* WORK TO COMPLETE *
Copy every line of the data in which the word "Buildings" occurs.

MATERIAL SUPPLIED Start Marker

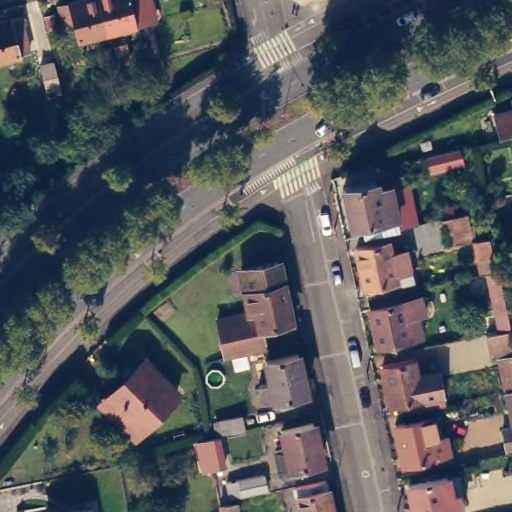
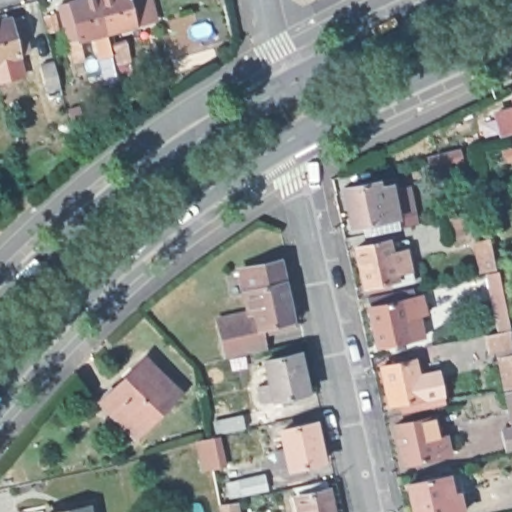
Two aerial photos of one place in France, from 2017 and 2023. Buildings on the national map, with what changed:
unchanged [(85,35),(90,55),(78,57),(74,36),(73,37),(64,0),(105,0),(112,28),(85,35)]
unchanged [(105,0),(157,0),(160,15),(112,28),(105,0)]
unchanged [(1,18),(0,14),(0,11),(10,9),(12,15),(26,11),(35,47),(23,50),(24,51),(0,57),(0,18),(1,18)]
unchanged [(54,28),(50,12),(60,9),(65,25),(54,28)]
unchanged [(125,43),(130,61),(119,64),(114,46),(125,43)]
unchanged [(108,74),(102,49),(110,47),(116,72),(108,74)]
unchanged [(48,92),(41,66),(55,62),(61,88),(48,92)]
unchanged [(412,283),(371,292),(370,286),(365,287),(356,247),(355,238),(370,235),(367,224),(352,227),(343,183),(375,176),(375,181),(377,187),(390,184),(396,217),(399,229),(378,233),(380,243),(388,241),(390,254),(405,251),(412,283)]
unchanged [(471,232),(446,237),(441,215),(456,212),(465,211),(471,232)]
unchanged [(480,269),(473,236),(489,235),(495,264),(480,269)]
unchanged [(293,321),(263,327),(266,347),(224,356),(217,313),(245,307),(235,266),(282,255),(293,321)]
unchanged [(498,328),(486,269),(498,267),(509,312),(511,325),(512,328),(512,341),(490,346),(487,330),(498,328)]
unchanged [(405,290),(407,300),(403,301),(404,316),(418,313),(423,337),(402,341),(405,348),(395,349),(395,344),(378,347),(367,298),(405,290)]
unchanged [(303,349),(312,388),(293,393),(295,399),(286,401),(285,395),(267,399),(262,382),(275,379),(270,356),(303,349)]
unchanged [(497,353),(512,351),(512,382),(505,384),(497,353)]
unchanged [(172,392),(130,435),(98,402),(140,360),(172,392)]
unchanged [(413,365),(421,404),(420,404),(420,412),(407,415),(406,408),(391,410),(382,372),(413,365)]
unchanged [(512,386),(512,412),(507,388),(512,386)]
unchanged [(218,430),(215,416),(242,411),(245,424),(218,430)]
unchanged [(327,452),(310,457),(311,463),(293,467),(290,468),(287,468),(285,466),(283,464),(279,441),(290,438),(286,420),(318,413),(327,452)]
unchanged [(431,413),(433,422),(439,444),(444,441),(448,460),(404,469),(395,430),(405,428),(403,419),(431,413)]
unchanged [(203,466),(197,436),(213,432),(220,462),(203,466)]
unchanged [(227,475),(265,466),(269,482),(230,490),(227,475)]
unchanged [(441,476),(446,496),(453,495),(457,512),(410,512),(403,484),(441,476)]
unchanged [(333,512),(299,512),(295,489),(326,482),(328,490),(333,512)]
unchanged [(219,512),(217,502),(238,499),(240,512),(219,512)]
unchanged [(88,512),(45,512),(45,511),(86,503),(88,512)]

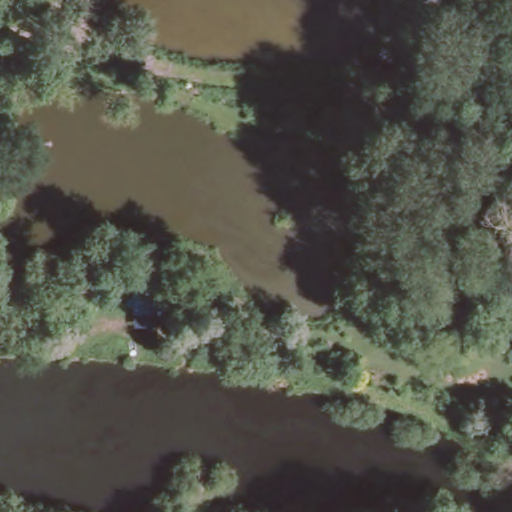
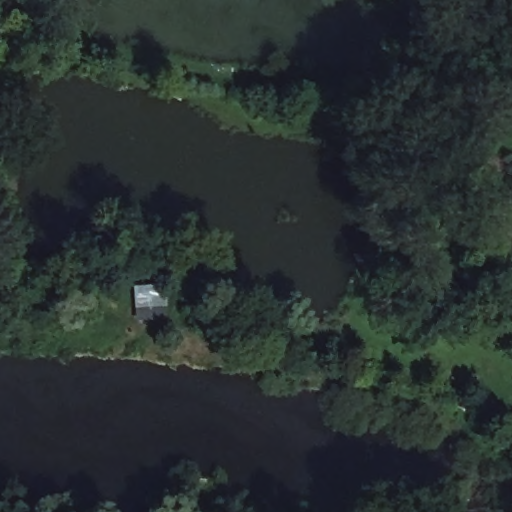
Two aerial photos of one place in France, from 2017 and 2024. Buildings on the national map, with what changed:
unchanged [(0,83),(0,68),(9,71),(5,85),(0,83)]

MATERIAL SUPPLIED End Marker

* ANSWER FOR THE TASK *
Two aerial photos of one place in France, from 2017 and 2023. Buildings on the national map, with what changed:
Two aerial photos of one place in France, from 2017 and 2024. Buildings on the national map, with what changed:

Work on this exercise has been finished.